Collected data entries:
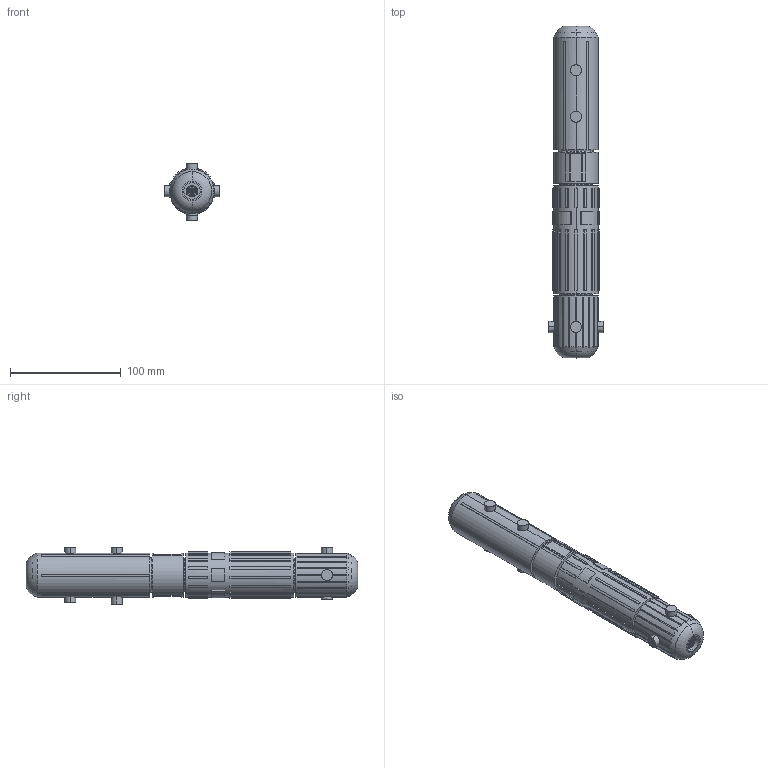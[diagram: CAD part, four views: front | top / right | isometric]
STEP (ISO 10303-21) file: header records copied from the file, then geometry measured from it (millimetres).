
FILE_DESCRIPTION (( 'STEP AP203' ), '1' );
FILE_NAME ('USlab.par_Défaut_sldprt.STEP', '2024-03-20T04:11:12', ( '' ), ( '' ), 'SwSTEP 2.0', 'SolidWorks 2022', '' );
FILE_SCHEMA (( 'CONFIG_CONTROL_DESIGN' ));
Length unit declared in the file: millimetre
Products named in the file (1): USlab.par_Défaut_sldprt
Bounding box: 50 x 300 x 51.53 mm (x, y, z)
Volume: 371125 mm3; surface area: 47838.5 mm2
Topology: 1 solids, 1 shells, 488 faces, 1272 edges, 830 vertices
Faces by surface type: plane 400, cylinder 66, torus 18, cone 4
Entity records: 15587 total; most frequent: CARTESIAN_POINT 3369, ORIENTED_EDGE 2544, DIRECTION 2512, EDGE_CURVE 1272, AXIS2_PLACEMENT_3D 845, VERTEX_POINT 830, LINE 822, VECTOR 822

### WORK REQUIRED
Reproduce the data above without a single change, please, but without its pictures.

### TASK SOLUTION
[diagram: CAD part, four views: front | top / right | isometric]
STEP (ISO 10303-21) file: header records copied from the file, then geometry measured from it (millimetres).
FILE_DESCRIPTION (( 'STEP AP203' ), '1' );
FILE_NAME ('USlab.par_Défaut_sldprt.STEP', '2024-03-20T04:11:12', ( '' ), ( '' ), 'SwSTEP 2.0', 'SolidWorks 2022', '' );
FILE_SCHEMA (( 'CONFIG_CONTROL_DESIGN' ));
Length unit declared in the file: millimetre
Products named in the file (1): USlab.par_Défaut_sldprt
Bounding box: 50 x 300 x 51.53 mm (x, y, z)
Volume: 371125 mm3; surface area: 47838.5 mm2
Topology: 1 solids, 1 shells, 488 faces, 1272 edges, 830 vertices
Faces by surface type: plane 400, cylinder 66, torus 18, cone 4
Entity records: 15587 total; most frequent: CARTESIAN_POINT 3369, ORIENTED_EDGE 2544, DIRECTION 2512, EDGE_CURVE 1272, AXIS2_PLACEMENT_3D 845, VERTEX_POINT 830, LINE 822, VECTOR 822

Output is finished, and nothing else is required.